Germany struggled with the digital economy, partly because of the slow expansion of internet infrastructure in the country. Regulation, lengthy start-up processes and in some cases high taxation contributed to how the former economic wonderland became marginalized in some of the most innovative sectors of the 21st century.

Volkswagen's press plant in Zwickau, Germany — Photo: Jan Woitas/dpa/ZUMA

"When it comes to digitization today, Germany has a lot of catching up to do with the relevant infrastructure, such as the expansion of fiber optics, but also with digital administration," says Stefan Kooths, Director of the Economic and Growth Research Center at the Kiel Institute for the World Economy (IfW Kiel).

For a long time now, the country has made no adjustments to its pension system to ward off the imminent demographic problems caused by an increasingly aging population. "The social security system is not future-proof," says Kooths. The most recent changes have come at the expense of future generations and taxpayers, the economist says.

Low euro exchange rates favored German exports

Nevertheless, things seemed to go well for the German economy at the start of the Merkel era. In part, this can be explained by the economic downturn caused by the euro debt crisis of 2011-2012. Unlike in the previous decade, the low euro exchange rate favored German exports and made money flow into German coffers. And since then-European Central Bank president Mario Draghi's decision to save the euro "whatever it takes" in 2012, this money has become cheaper and cheaper.

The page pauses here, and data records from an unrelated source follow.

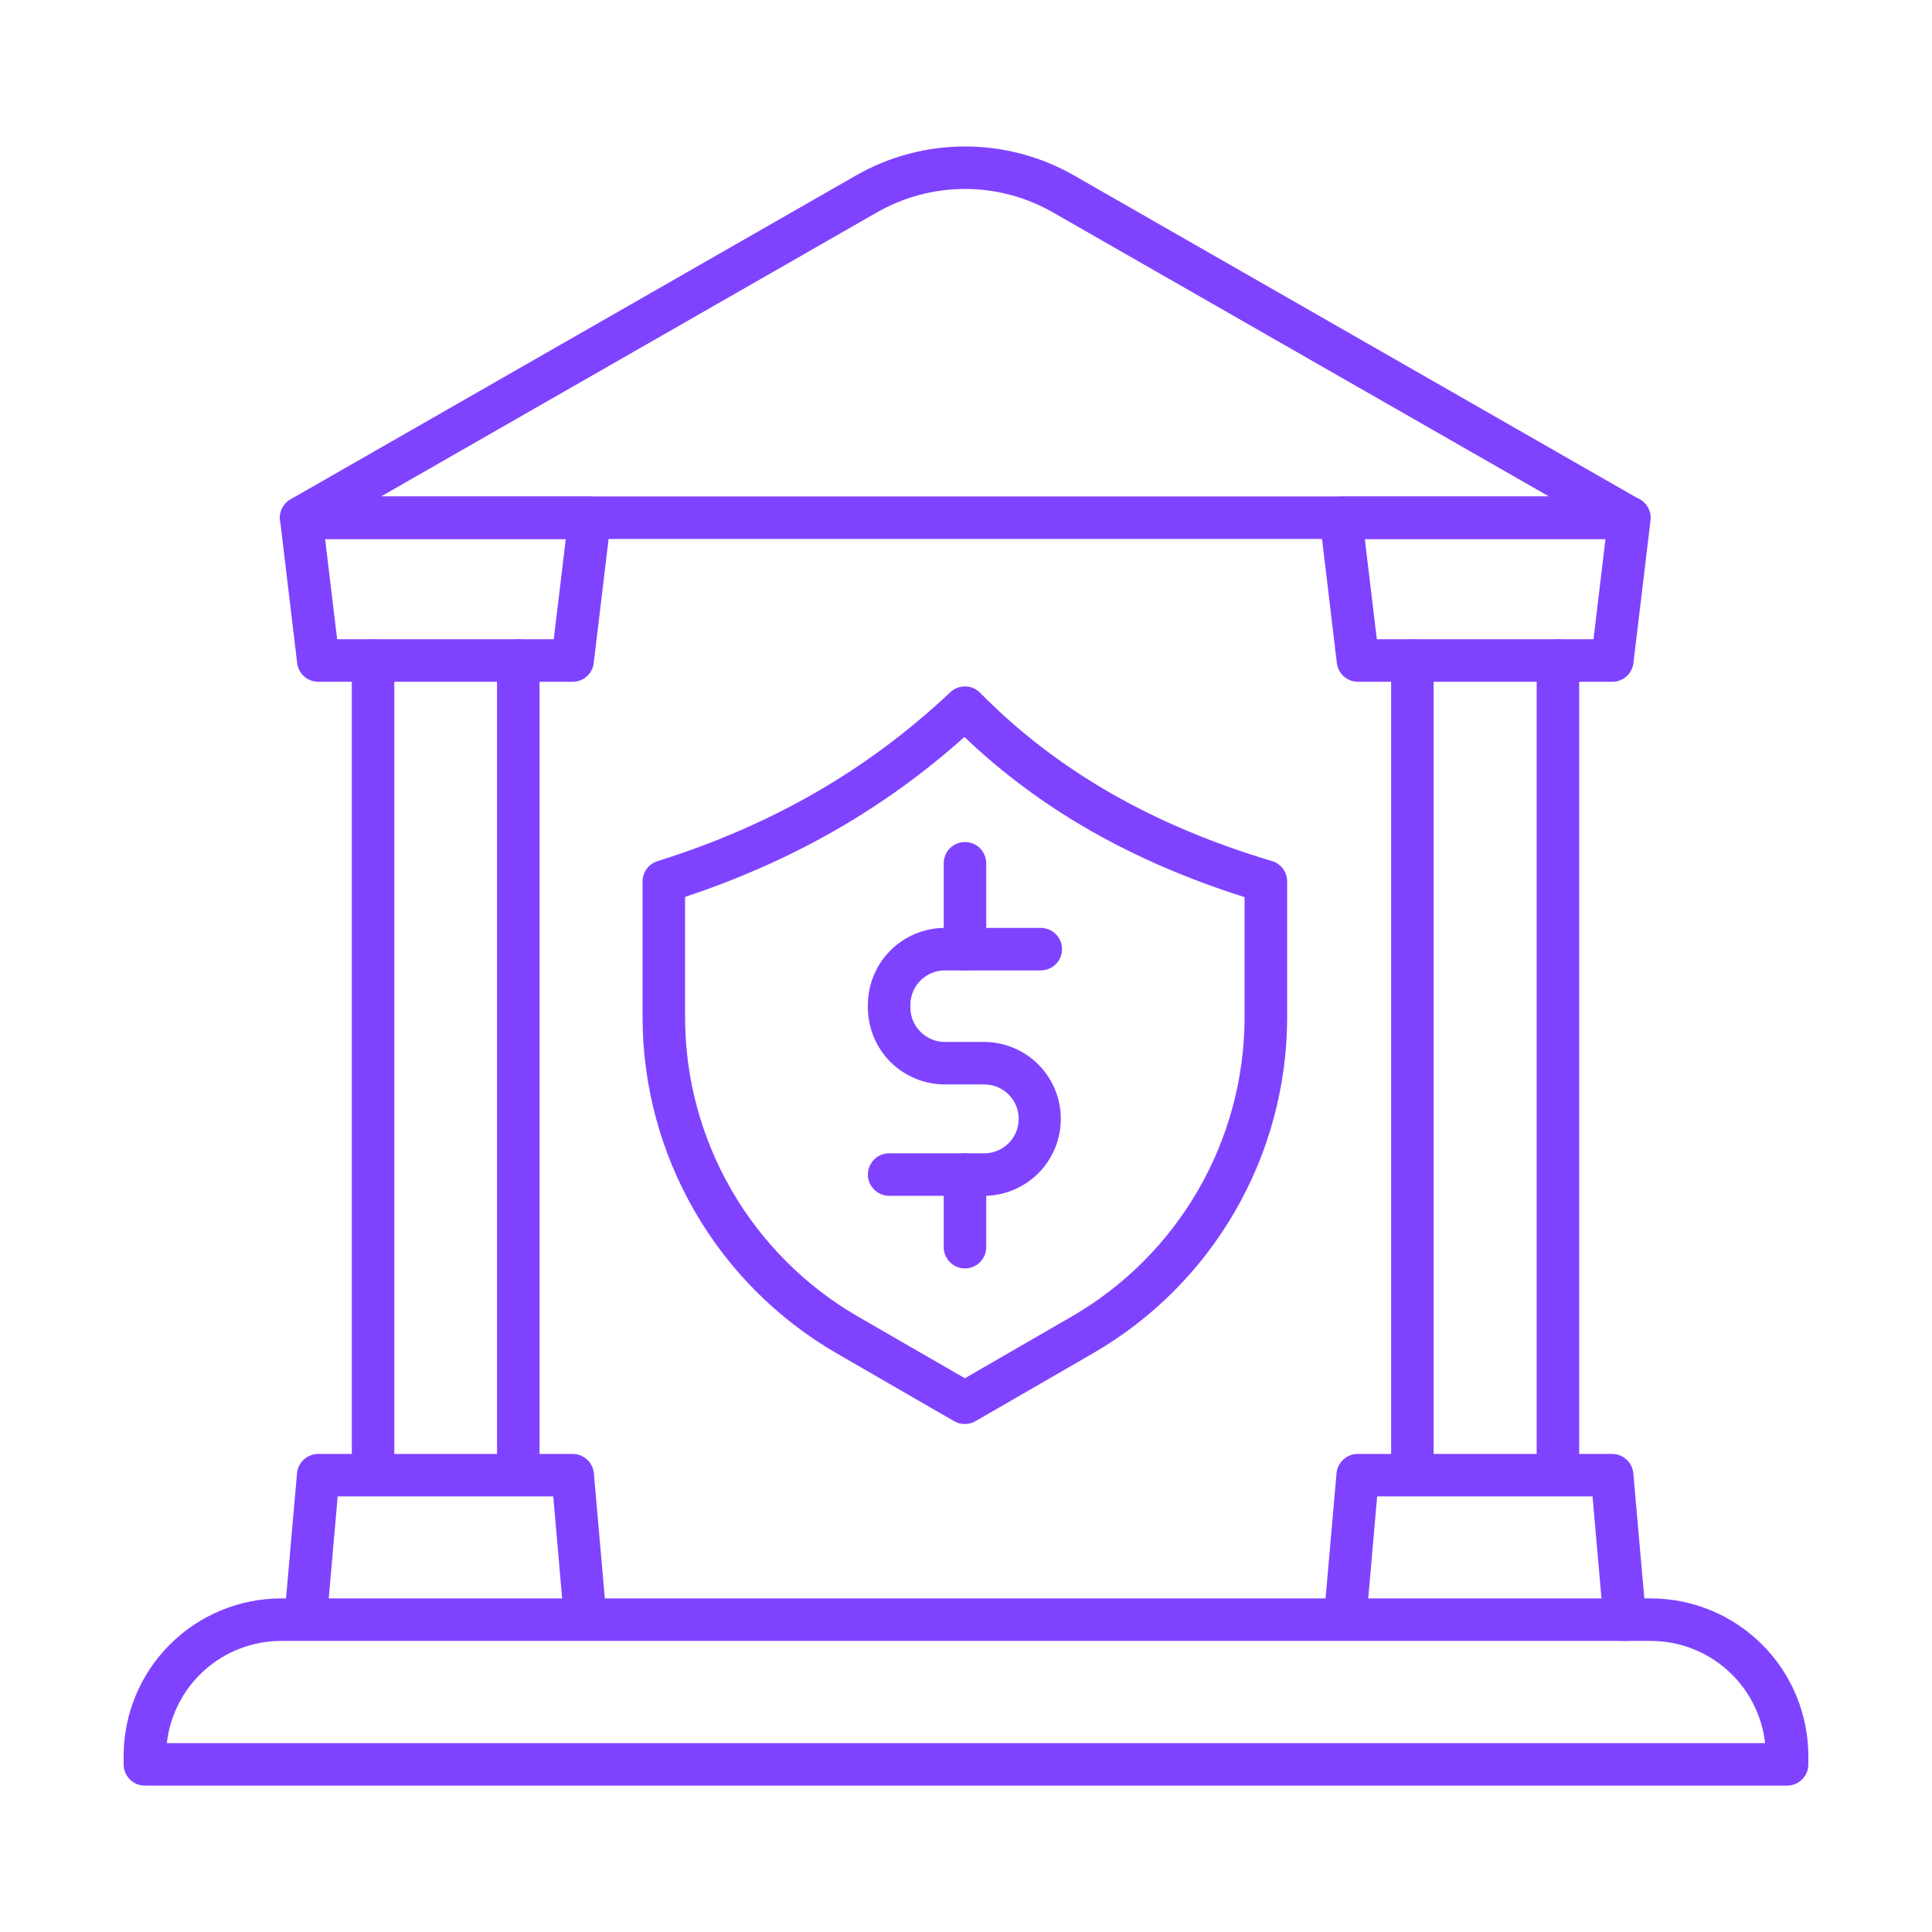 <svg width="42" height="42" viewBox="0 0 42 42" fill="none" xmlns="http://www.w3.org/2000/svg">
<path d="M8.11 32.525C7.988 32.525 7.87 32.476 7.784 32.39C7.697 32.303 7.648 32.185 7.648 32.063V14.357C7.648 14.234 7.697 14.117 7.784 14.03C7.87 13.943 7.988 13.895 8.11 13.895C8.233 13.895 8.35 13.943 8.437 14.03C8.524 14.117 8.572 14.234 8.572 14.357V32.063C8.572 32.185 8.524 32.303 8.437 32.39C8.35 32.476 8.233 32.525 8.11 32.525Z" fill="#7F43FF"/>
<path d="M11.267 32.525C11.144 32.525 11.027 32.476 10.94 32.39C10.853 32.303 10.805 32.185 10.805 32.063V14.357C10.805 14.234 10.853 14.117 10.94 14.03C11.027 13.943 11.144 13.895 11.267 13.895C11.389 13.895 11.507 13.943 11.593 14.03C11.68 14.117 11.729 14.234 11.729 14.357V32.063C11.729 32.185 11.68 32.303 11.593 32.39C11.507 32.476 11.389 32.525 11.267 32.525Z" fill="#7F43FF"/>
<path d="M12.449 14.821H6.919C6.806 14.821 6.697 14.78 6.612 14.705C6.528 14.63 6.473 14.526 6.46 14.414L6.089 11.311C6.081 11.246 6.088 11.181 6.107 11.118C6.127 11.056 6.159 10.999 6.202 10.95C6.246 10.902 6.299 10.862 6.358 10.836C6.418 10.809 6.482 10.795 6.547 10.795H12.82C12.885 10.795 12.95 10.809 13.01 10.835C13.069 10.862 13.123 10.901 13.166 10.95C13.209 10.999 13.242 11.057 13.261 11.119C13.281 11.181 13.287 11.247 13.279 11.312L12.907 14.415C12.894 14.527 12.84 14.63 12.755 14.705C12.671 14.78 12.562 14.821 12.449 14.821ZM7.329 13.897H12.038L12.3 11.719H7.068L7.329 13.897Z" fill="#7F43FF"/>
<path d="M6.643 35.666C6.63 35.666 6.617 35.666 6.601 35.666C6.541 35.66 6.482 35.643 6.428 35.615C6.375 35.587 6.327 35.549 6.288 35.502C6.249 35.456 6.219 35.402 6.201 35.344C6.183 35.286 6.176 35.225 6.181 35.165L6.457 32.027C6.467 31.913 6.52 31.806 6.606 31.728C6.691 31.651 6.802 31.608 6.917 31.607H12.448C12.564 31.607 12.675 31.65 12.761 31.728C12.847 31.805 12.9 31.912 12.91 32.027L13.182 35.13C13.187 35.19 13.181 35.251 13.162 35.309C13.144 35.367 13.115 35.421 13.076 35.467C13.037 35.514 12.989 35.552 12.935 35.58C12.881 35.608 12.822 35.625 12.762 35.631C12.702 35.636 12.641 35.629 12.583 35.611C12.525 35.593 12.471 35.563 12.425 35.524C12.378 35.485 12.34 35.438 12.312 35.384C12.284 35.33 12.267 35.271 12.261 35.211L12.027 32.53H7.341L7.103 35.245C7.093 35.36 7.04 35.467 6.955 35.545C6.87 35.622 6.759 35.665 6.643 35.666Z" fill="#7F43FF"/>
<path d="M30.704 32.525C30.582 32.525 30.464 32.476 30.378 32.39C30.291 32.303 30.242 32.185 30.242 32.063V14.357C30.242 14.234 30.291 14.117 30.378 14.03C30.464 13.943 30.582 13.895 30.704 13.895C30.827 13.895 30.944 13.943 31.031 14.03C31.117 14.117 31.166 14.234 31.166 14.357V32.063C31.166 32.185 31.117 32.303 31.031 32.39C30.944 32.476 30.827 32.525 30.704 32.525Z" fill="#7F43FF"/>
<path d="M33.868 32.525C33.746 32.525 33.628 32.476 33.542 32.39C33.455 32.303 33.406 32.185 33.406 32.063V14.357C33.406 14.234 33.455 14.117 33.542 14.03C33.628 13.943 33.746 13.895 33.868 13.895C33.991 13.895 34.108 13.943 34.195 14.03C34.282 14.117 34.33 14.234 34.33 14.357V32.063C34.33 32.185 34.282 32.303 34.195 32.39C34.108 32.476 33.991 32.525 33.868 32.525Z" fill="#7F43FF"/>
<path d="M35.051 14.821H29.521C29.408 14.821 29.299 14.78 29.214 14.705C29.13 14.63 29.075 14.526 29.062 14.414L28.691 11.311C28.683 11.246 28.689 11.181 28.709 11.118C28.728 11.056 28.761 10.999 28.804 10.95C28.848 10.901 28.901 10.862 28.96 10.835C29.02 10.809 29.084 10.795 29.149 10.795H35.422C35.488 10.795 35.552 10.809 35.612 10.836C35.671 10.862 35.725 10.902 35.768 10.95C35.811 10.999 35.844 11.057 35.863 11.119C35.883 11.181 35.889 11.247 35.881 11.312L35.509 14.415C35.496 14.527 35.442 14.63 35.357 14.705C35.273 14.78 35.164 14.821 35.051 14.821ZM29.931 13.897H34.641L34.902 11.719H29.67L29.931 13.897Z" fill="#7F43FF"/>
<path d="M35.321 35.673C35.206 35.673 35.094 35.63 35.008 35.553C34.923 35.475 34.87 35.368 34.859 35.253L34.62 32.53H29.938L29.704 35.211C29.693 35.333 29.634 35.446 29.54 35.524C29.446 35.603 29.325 35.641 29.203 35.631C29.081 35.62 28.968 35.561 28.889 35.467C28.811 35.373 28.772 35.252 28.783 35.13L29.055 32.027C29.065 31.912 29.119 31.805 29.204 31.728C29.29 31.65 29.401 31.607 29.517 31.607H35.045C35.161 31.607 35.272 31.65 35.358 31.728C35.443 31.805 35.497 31.912 35.507 32.027L35.783 35.17C35.788 35.231 35.782 35.292 35.764 35.349C35.745 35.407 35.716 35.461 35.677 35.508C35.638 35.554 35.59 35.593 35.536 35.62C35.482 35.648 35.424 35.666 35.363 35.671C35.348 35.672 35.334 35.673 35.321 35.673Z" fill="#7F43FF"/>
<path d="M38.849 38.818H3.15C3.027 38.818 2.909 38.77 2.823 38.683C2.736 38.596 2.688 38.479 2.688 38.356V38.172C2.688 37.264 3.049 36.394 3.691 35.752C4.333 35.11 5.203 34.749 6.111 34.748H35.889C36.796 34.749 37.666 35.11 38.308 35.752C38.95 36.394 39.31 37.264 39.312 38.172V38.356C39.312 38.479 39.263 38.596 39.176 38.683C39.09 38.77 38.972 38.818 38.849 38.818ZM3.627 37.894H38.372C38.303 37.283 38.012 36.719 37.554 36.31C37.096 35.9 36.503 35.673 35.889 35.672H6.111C5.496 35.673 4.903 35.9 4.445 36.31C3.987 36.719 3.696 37.283 3.627 37.894Z" fill="#7F43FF"/>
<path d="M35.41 11.716H6.548C6.446 11.716 6.347 11.682 6.266 11.62C6.186 11.558 6.128 11.471 6.101 11.373C6.075 11.275 6.082 11.171 6.121 11.076C6.161 10.983 6.23 10.904 6.318 10.854L18.618 3.809C19.337 3.399 20.151 3.184 20.979 3.184C21.807 3.184 22.62 3.399 23.34 3.809L35.639 10.853C35.728 10.903 35.797 10.982 35.837 11.076C35.876 11.17 35.883 11.274 35.857 11.373C35.831 11.471 35.773 11.559 35.692 11.621C35.611 11.683 35.512 11.716 35.41 11.716ZM8.284 10.792H33.673L22.879 4.611C22.299 4.281 21.644 4.108 20.977 4.108C20.31 4.108 19.655 4.281 19.075 4.611L8.284 10.792Z" fill="#7F43FF"/>
<path d="M21.415 25.996H19.329C19.207 25.996 19.089 25.947 19.003 25.86C18.916 25.774 18.867 25.656 18.867 25.534C18.867 25.411 18.916 25.294 19.003 25.207C19.089 25.12 19.207 25.072 19.329 25.072H21.415C21.611 25.067 21.797 24.986 21.933 24.846C22.07 24.706 22.146 24.519 22.146 24.323C22.146 24.128 22.07 23.94 21.933 23.8C21.797 23.661 21.611 23.58 21.415 23.575H20.539C20.096 23.575 19.671 23.398 19.357 23.085C19.044 22.771 18.868 22.346 18.867 21.903V21.844C18.868 21.401 19.044 20.976 19.357 20.662C19.671 20.349 20.096 20.172 20.539 20.172H22.625C22.748 20.172 22.865 20.221 22.952 20.307C23.039 20.394 23.087 20.511 23.087 20.634C23.087 20.756 23.039 20.874 22.952 20.961C22.865 21.047 22.748 21.096 22.625 21.096H20.539C20.341 21.096 20.151 21.175 20.01 21.315C19.87 21.456 19.791 21.646 19.791 21.844V21.903C19.791 22.101 19.87 22.291 20.011 22.431C20.151 22.572 20.341 22.651 20.539 22.651H21.415C21.854 22.658 22.273 22.837 22.581 23.15C22.889 23.463 23.061 23.884 23.061 24.323C23.061 24.762 22.889 25.184 22.581 25.497C22.273 25.809 21.854 25.989 21.415 25.996Z" fill="#7F43FF"/>
<path d="M20.978 27.575C20.855 27.575 20.738 27.526 20.651 27.439C20.564 27.353 20.516 27.235 20.516 27.113V25.534C20.516 25.412 20.564 25.294 20.651 25.208C20.738 25.121 20.855 25.072 20.978 25.072C21.1 25.072 21.218 25.121 21.304 25.208C21.391 25.294 21.44 25.412 21.44 25.534V27.113C21.44 27.235 21.391 27.353 21.304 27.439C21.218 27.526 21.1 27.575 20.978 27.575Z" fill="#7F43FF"/>
<path d="M20.978 21.095C20.855 21.095 20.738 21.047 20.651 20.96C20.564 20.873 20.516 20.756 20.516 20.633V18.767C20.516 18.644 20.564 18.527 20.651 18.44C20.738 18.353 20.855 18.305 20.978 18.305C21.1 18.305 21.218 18.353 21.304 18.44C21.391 18.527 21.44 18.644 21.44 18.767V20.633C21.44 20.756 21.391 20.873 21.304 20.96C21.218 21.047 21.1 21.095 20.978 21.095Z" fill="#7F43FF"/>
<path d="M20.974 30.957C20.893 30.957 20.814 30.936 20.743 30.896L18.181 29.416C16.902 28.675 15.84 27.611 15.101 26.331C14.361 25.051 13.971 23.599 13.969 22.121V19.162C13.969 19.063 14 18.968 14.059 18.888C14.117 18.809 14.199 18.75 14.293 18.721C16.784 17.939 18.866 16.738 20.659 15.048C20.747 14.965 20.864 14.92 20.985 14.922C21.105 14.924 21.221 14.973 21.305 15.059C22.964 16.742 25.04 17.939 27.652 18.719C27.748 18.747 27.831 18.806 27.891 18.886C27.95 18.965 27.982 19.062 27.982 19.162V22.121C27.979 23.599 27.589 25.051 26.849 26.331C26.11 27.612 25.047 28.675 23.767 29.416L21.205 30.896C21.135 30.936 21.055 30.957 20.974 30.957ZM14.893 19.498V22.121C14.895 23.437 15.242 24.729 15.901 25.869C16.559 27.009 17.505 27.956 18.643 28.616L20.975 29.962L23.305 28.616C24.444 27.956 25.39 27.009 26.048 25.869C26.706 24.729 27.054 23.437 27.056 22.121V19.503C24.605 18.727 22.604 17.584 20.966 16.021C19.223 17.58 17.23 18.721 14.893 19.498Z" fill="#7F43FF"/>
</svg>

In the long run, these factors inflated the prices of real estate and other sectors but failed to contribute to the future viability of the country. "With the financial crisis and the national debt crisis that followed, economic policy got into crisis mode, and it never emerged from it again," says DZ chief economist Holstein. Policy, he explains, was geared towards countering crises and maintaining the status quo. "The goal of remaining competitive fell to the background, as did issues concerning the future."

In the traditional field of manufacturing, the situation deteriorated significantly. The Institut der Deutschen Wirtschaft (IW), which regularly measures and compares the competitiveness of industries in different countries, recently concluded that German companies have lost many of the advantages they had gained. The high level of productivity, which used to be one of the country's strengths, faltered in the years before the pandemic.

Kooths, of IfW Kiel, points out that private investment in the German economy has declined in recent years, while the "government quota" in the economy, which describes the amount of government expenditure against the GDP, grew significantly during Merkel's tenure, from 43.5% in 2005 to 46.5% in 2019. Kooths concludes that: "Overall, the state's influence on economic activity has increased significantly."

Another very crucial aspect of competitiveness, at least from the point of view of skilled workers and companies, has been neglected by German politics for years: taxes and social contributions. The country has among the highest taxes on income in Europe, and corporate taxes are also hardly as high as in Germany anywhere in the industrialized world. "In the long run, high tax rates always come at the expense of economic dynamism and can even prevent new companies from being set up," warns Kooths.

Startups can renew an economy and lay the foundation for future prosperity. Between the year 2000 and the Covid-19 crisis, fewer and fewer new companies were created every year. Economists from left to right are unanimous: Angela Merkel is leaving behind a country with considerable need for reform.